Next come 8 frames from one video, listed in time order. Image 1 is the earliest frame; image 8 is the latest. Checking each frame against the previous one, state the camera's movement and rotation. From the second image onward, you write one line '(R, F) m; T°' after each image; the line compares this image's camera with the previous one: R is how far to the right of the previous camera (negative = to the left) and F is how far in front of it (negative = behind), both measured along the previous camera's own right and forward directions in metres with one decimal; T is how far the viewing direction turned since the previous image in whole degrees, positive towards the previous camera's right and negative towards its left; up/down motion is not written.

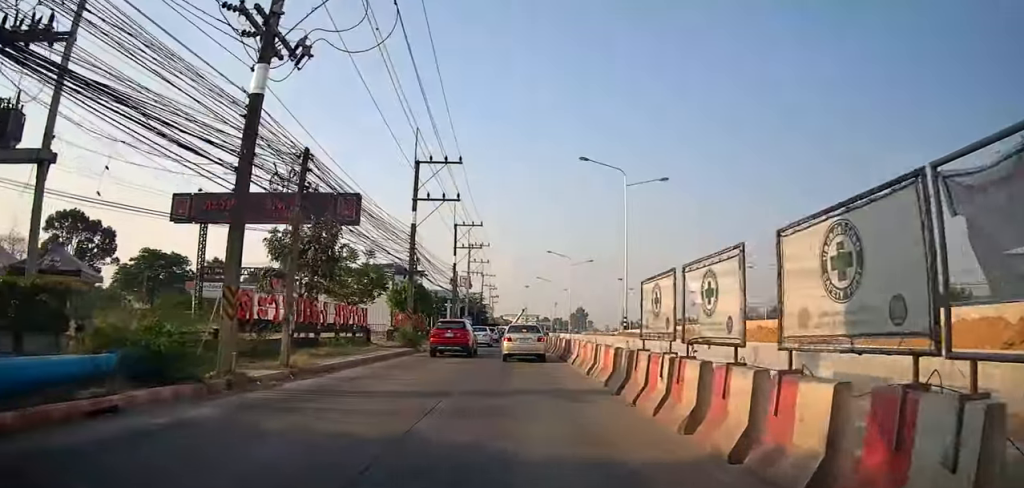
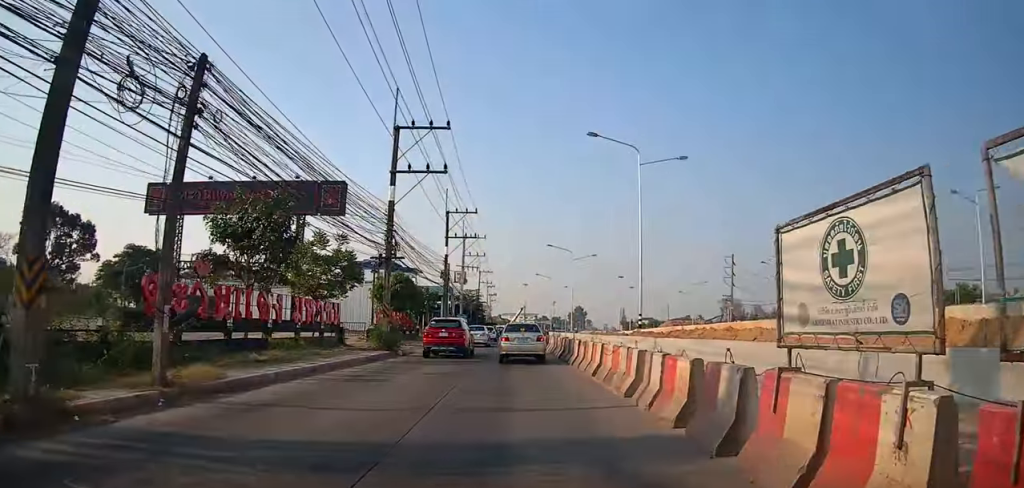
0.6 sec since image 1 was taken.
(+0.3, +5.1) m; 0°
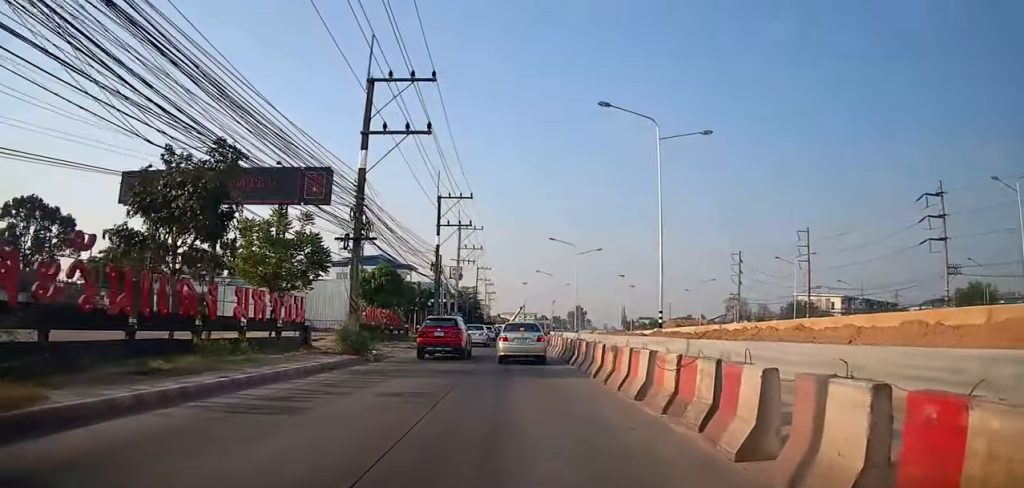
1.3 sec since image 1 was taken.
(-0.4, +4.8) m; -3°
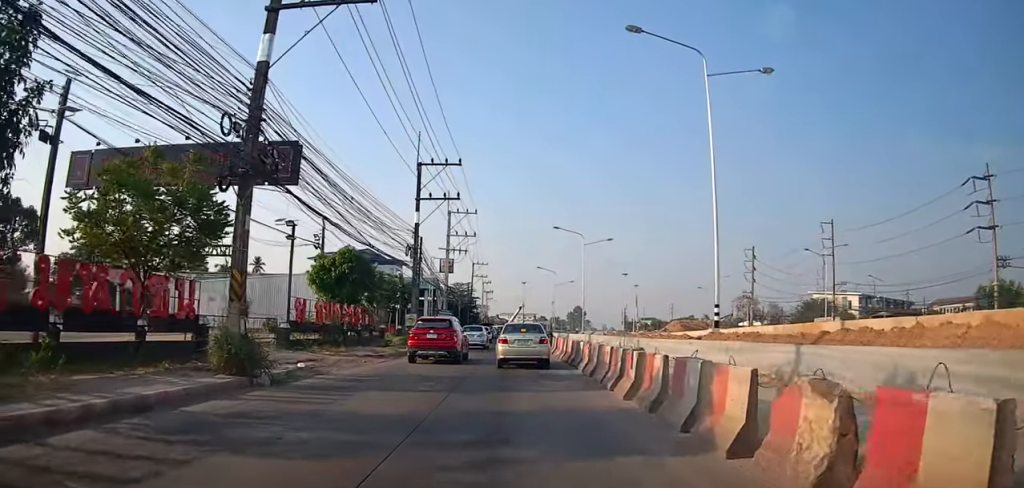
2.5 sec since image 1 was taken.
(0.0, +8.6) m; +1°
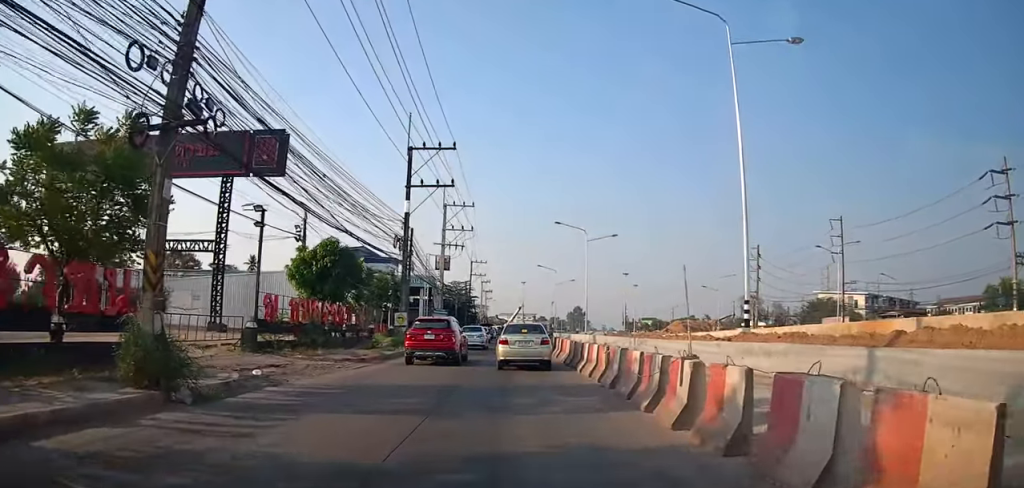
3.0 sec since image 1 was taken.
(0.0, +2.9) m; +1°
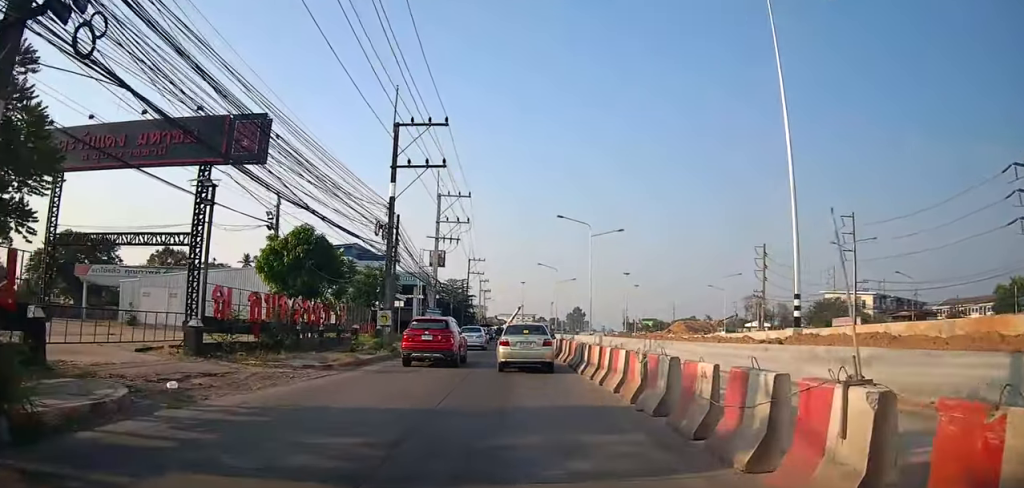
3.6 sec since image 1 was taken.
(0.0, +3.6) m; +1°
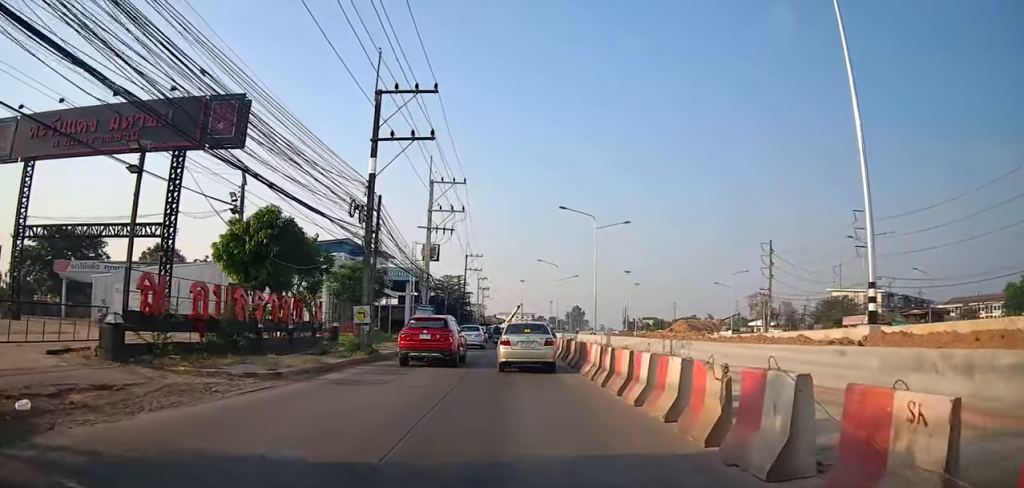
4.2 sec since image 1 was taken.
(0.0, +3.5) m; 0°
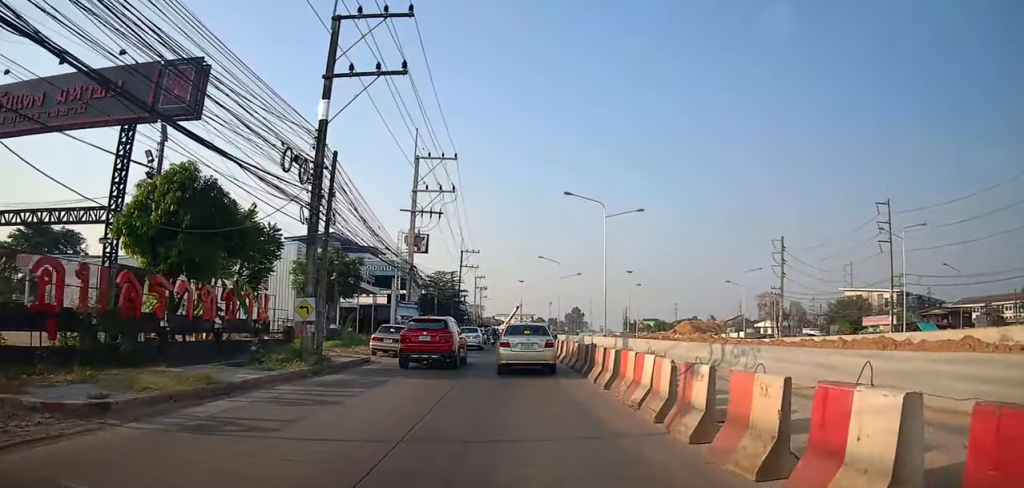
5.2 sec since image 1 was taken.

* _Directions_: Give back the records word for word, without their pictures.

* _Solution_:
Next come 8 frames from one video, listed in time order. Image 1 is the earliest frame; image 8 is the latest. Checking each frame against the previous one, state the camera's movement and rotation. From the second image onward, you write one line '(R, F) m; T°' after each image; the line compares this image's camera with the previous one: R is how far to the right of the previous camera (negative = to the left) and F is how far in front of it (negative = behind), both measured along the previous camera's own right and forward directions in metres with one decimal; T is how far the viewing direction turned since the previous image in whole degrees, positive towards the previous camera's right and negative towards its left; up/down motion is not written.

0.6 sec since image 1 was taken.
(+0.3, +5.1) m; 0°
1.3 sec since image 1 was taken.
(-0.4, +4.8) m; -3°
2.5 sec since image 1 was taken.
(0.0, +8.6) m; +1°
3.0 sec since image 1 was taken.
(0.0, +2.9) m; +1°
3.6 sec since image 1 was taken.
(0.0, +3.6) m; +1°
4.2 sec since image 1 was taken.
(0.0, +3.5) m; 0°
5.2 sec since image 1 was taken.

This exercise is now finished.